FR-from-NR adapter (KonViD-150k → FR corpus)¶
The fork's predictor schema (fr_regressor_v2_ensemble, fr_regressor_v3) is full-reference: every training row carries the canonical-6 features (adm2, vif_scale0..3, motion2) computed between a reference YUV and a re-encoded distortion. The KonViD-150k shard (ADR-0325) is no-reference: each row is a YouTube-UGC distorted MP4 plus a crowdworker MOS, no clean reference video.
The FR-from-NR adapter (ADR-0346) bridges the two. It implements the decode-original-as-reference pattern: ffprobe + ffmpeg-decode each NR upload to raw YUV, treat that decoded YUV as the FR "reference", re-encode at multiple CRFs as the FR "distortion", run the canonical-6 against the pair, emit one FR corpus row per CRF. This is a known synthetic-distortion VQA methodology — the same shape LIVE-VQA / LIVE-VQC / KonViD-1k all use to produce their distortion sets.

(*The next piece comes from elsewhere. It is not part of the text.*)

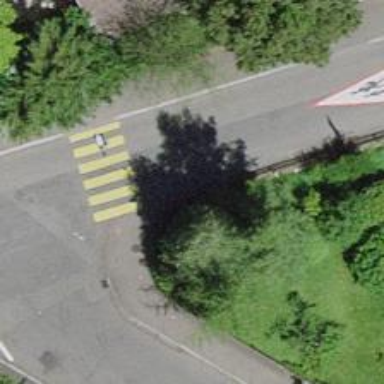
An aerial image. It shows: Kerb serving as barrier.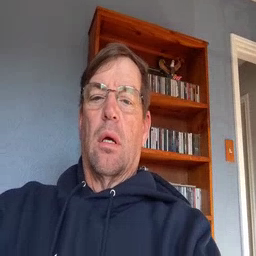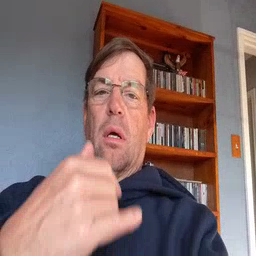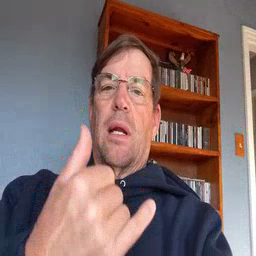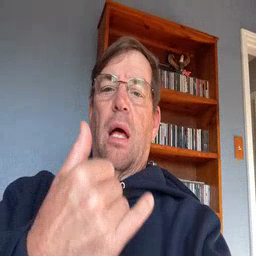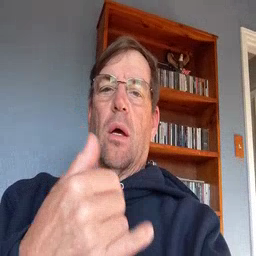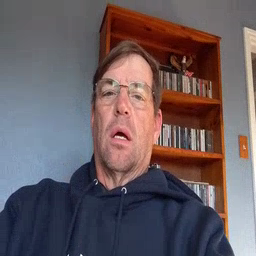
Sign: now

1. Honest caveat — read this first¶
The "reference" is the re-decoded upload, not a pristine master. Any artifact already baked into the upload (YouTube VP9 transcoding, capture-chain noise, prior-encode blockiness, banding, chroma-subsampling losses) propagates into the reference and therefore into every canonical-6 feature.

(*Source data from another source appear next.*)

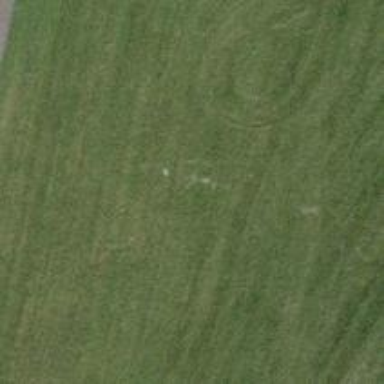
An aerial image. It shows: Grass runway at the airport.
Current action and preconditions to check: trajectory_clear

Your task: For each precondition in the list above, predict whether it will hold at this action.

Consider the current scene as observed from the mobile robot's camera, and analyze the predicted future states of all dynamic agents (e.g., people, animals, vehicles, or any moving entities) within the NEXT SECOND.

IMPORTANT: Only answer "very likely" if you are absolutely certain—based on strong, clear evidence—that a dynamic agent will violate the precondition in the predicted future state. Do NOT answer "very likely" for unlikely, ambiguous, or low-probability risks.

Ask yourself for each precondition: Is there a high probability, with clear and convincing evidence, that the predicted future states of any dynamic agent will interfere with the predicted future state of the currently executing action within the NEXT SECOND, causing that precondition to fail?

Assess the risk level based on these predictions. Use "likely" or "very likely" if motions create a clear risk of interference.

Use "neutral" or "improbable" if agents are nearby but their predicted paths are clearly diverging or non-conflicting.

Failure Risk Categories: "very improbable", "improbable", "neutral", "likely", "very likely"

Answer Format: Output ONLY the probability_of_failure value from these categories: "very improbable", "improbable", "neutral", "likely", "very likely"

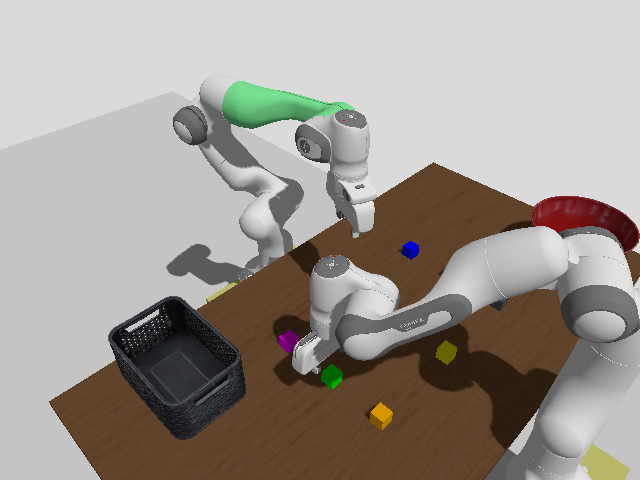

Answer: very improbable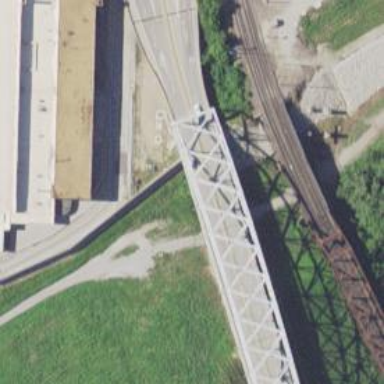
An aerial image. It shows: Bridge.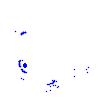
Particle: pion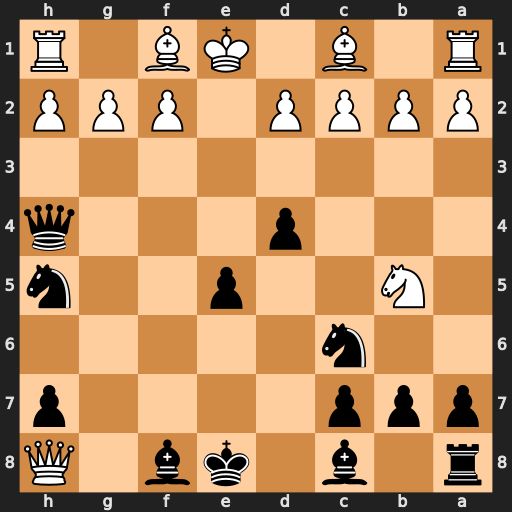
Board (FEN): r1b1kb1Q/ppp4p/2n5/1N2p2n/3p3q/8/PPPP1PPP/R1B1KB1R
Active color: b
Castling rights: KQq
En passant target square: -
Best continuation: Qe4+ Kd1 Bg4+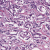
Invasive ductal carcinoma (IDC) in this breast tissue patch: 1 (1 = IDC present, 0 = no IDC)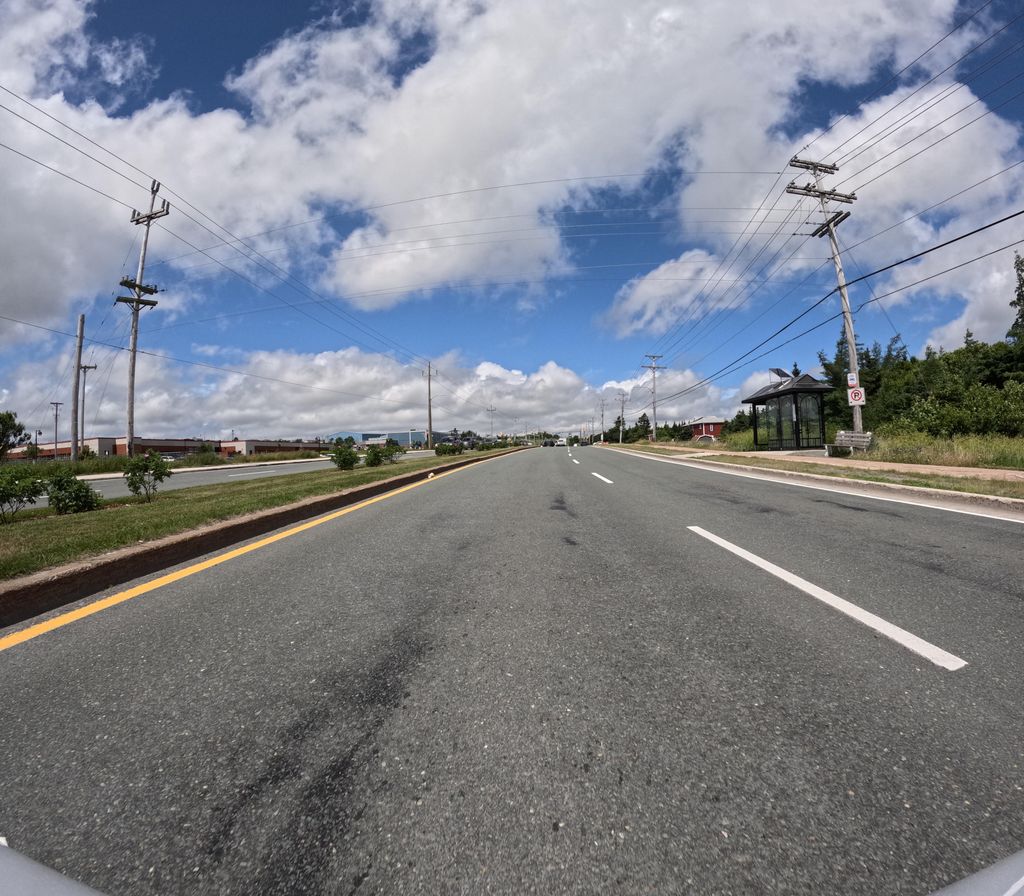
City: st_johns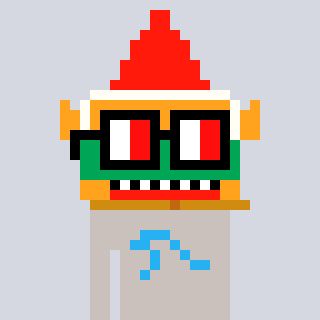
a pixel art character with square glasses with black frames and red eyes, a gnome-shaped head and a foggrey-colored body on a cool background

What this means for downstream consumers:
- FR scores measure delta-vs-already-distorted-source, not delta-vs-pristine-master.
- A row's
vmaf_scoreis a meaningful relative signal across CRFs for the same source, but the absolute number is not directly comparable to a row from BVI-DVC or the Netflix Public drop where the reference is a master. - Trainers consuming a mixed corpus (Netflix + BVI-DVC + K150K-via- this-adapter) should consider stratifying loss / metrics by the
fr_from_nrprovenance flag the adapter writes onto every row.
2. Pipeline¶
KonViD-150k JSONL row (NR — distorted MP4 + MOS)
│
▼
ffprobe (probe geometry: W, H, pix_fmt, fps, dur)
│
▼
ffmpeg decode → raw YUV intermediate (de-facto FR reference)
│
▼
for crf in crf_sweep: (default: 18, 23, 28, 33, 38)

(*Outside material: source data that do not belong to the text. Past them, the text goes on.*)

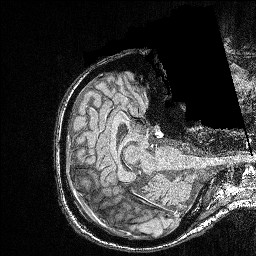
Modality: FLASH
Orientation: axial
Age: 29
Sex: male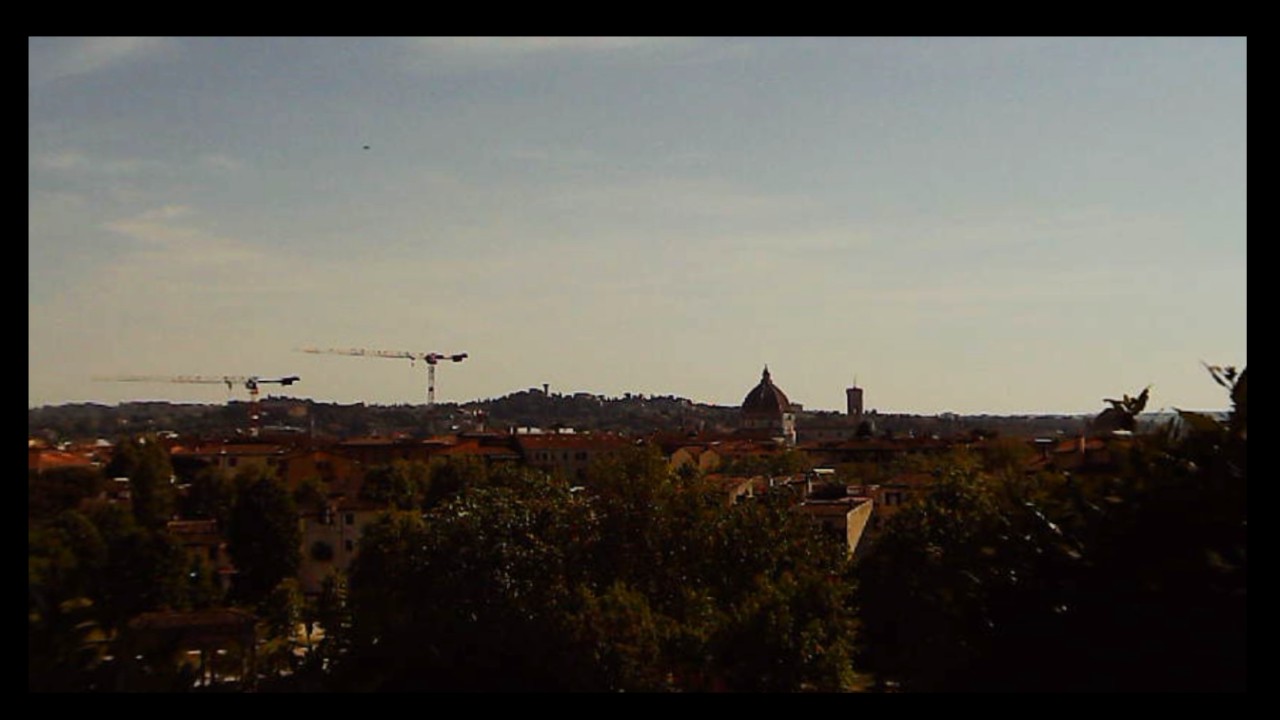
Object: DarwinFPV cineape20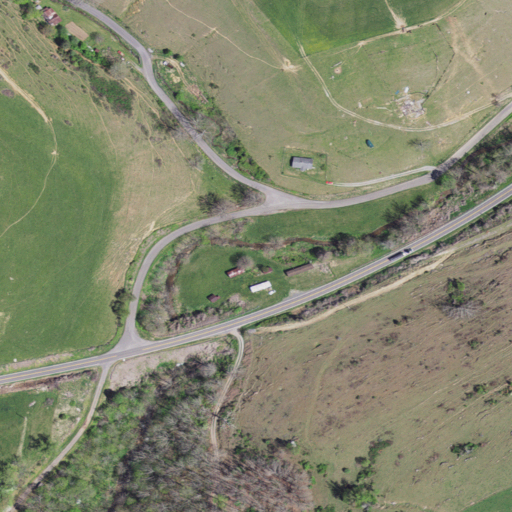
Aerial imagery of valley in Virginia named Porter Hollow containing pasture, low intensity development, deciduous forest, open development, and medium intensity development
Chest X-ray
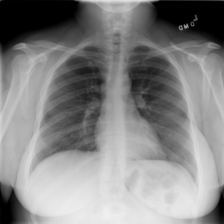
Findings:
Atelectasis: negative
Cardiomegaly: negative
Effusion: negative
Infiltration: negative
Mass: negative
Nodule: negative
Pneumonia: negative
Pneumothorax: negative
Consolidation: negative
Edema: negative
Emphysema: negative
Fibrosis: negative
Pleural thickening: negative
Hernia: negative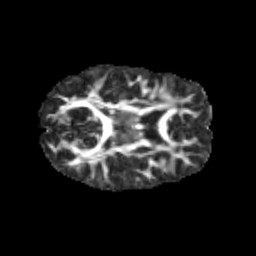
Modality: FA
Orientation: axial
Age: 10
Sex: female
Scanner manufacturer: siemens
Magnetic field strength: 3 T
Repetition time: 3.8 s
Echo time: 0.07 s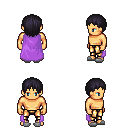
a pixel art fantasy rpg character, male body template, human, tanned skin, lavender cape, gold greaves, raven plain hairstyle, white slippers, four views (front, back, left, right), 2x2 character sprite sheet, small pixel art, hard edges, no anti-aliasing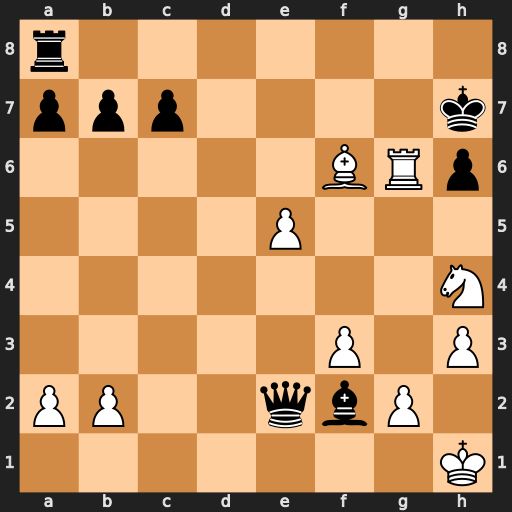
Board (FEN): r7/ppp4k/5BRp/4P3/7N/5P1P/PP2qbP1/7K
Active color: w
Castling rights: -
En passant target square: -
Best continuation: Rg7+ Kh8 Ng6#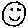
Label: smiley face

vmaftune.corpus.iter_rows (existing Phase A pipeline)
│ ├─ encode at (preset, CRF)
│ └─ score canonical-6 vs YUV
▼
FR corpus row (CORPUS_ROW_KEYS schema (1 NR row → N FR rows)
+ nr_source / nr_mos / fr_from_nr)
Per-row corpus multiplier: len(crf_sweep). Default sweep is 5 CRFs, so 148,543 K150K rows produce ~742k FR rows on the full pass.
3. Adapter API¶
from vmaftune.fr_from_nr_adapter import NrInputRow, NrToFrAdapter
from vmaftune.corpus import CorpusOptions
adapter = NrToFrAdapter(
crf_sweep=(18, 23, 28, 33, 38),
preset="medium",
scratch_dir=Path("/tmp/fr_from_nr_scratch"),
keep_intermediate_yuv=False,
options=CorpusOptions(
encoder="libx264",
encode_dir=Path("/tmp/fr_from_nr_encodes"),
keep_encodes=False,
vmaf_model="vmaf_v0.6.1",
),
)
for row in adapter.run(NrInputRow.from_dict(jsonl_row)):
write_jsonl_row(row)
Output rows match the existing :data:vmaftune.CORPUS_ROW_KEYS schema (no schema bump) plus three provenance keys:
| Key | Type | Purpose |
|---|---|---|
nr_source | str | Path to the NR upload that this row was derived from |
nr_mos | float | None | KonViD MOS for the source upload (passes through unchanged) |
fr_from_nr | bool (always True) | Provenance flag for downstream stratification |
4. Subprocess seams (for tests + custom orchestration)¶
The adapter exposes four runner-injection seams matching the shape already used by vmaftune.corpus.iter_rows:
| Seam | Wraps | Used for |
|---|---|---|
probe_runner | ffprobe | Geometry probe of the NR source |
decode_runner | ffmpeg | Decode-to-YUV step |
encode_runner | ffmpeg | FR-sweep encoder (forwarded) |
score_runner | vmaf CLI | FR-sweep scorer (forwarded) |
Production callers leave all four None; the adapter falls back to subprocess.run. The unit tests at tools/vmaf-tune/tests/test_fr_from_nr_adapter.py mock all four with no real ffmpeg / vmaf binary needed.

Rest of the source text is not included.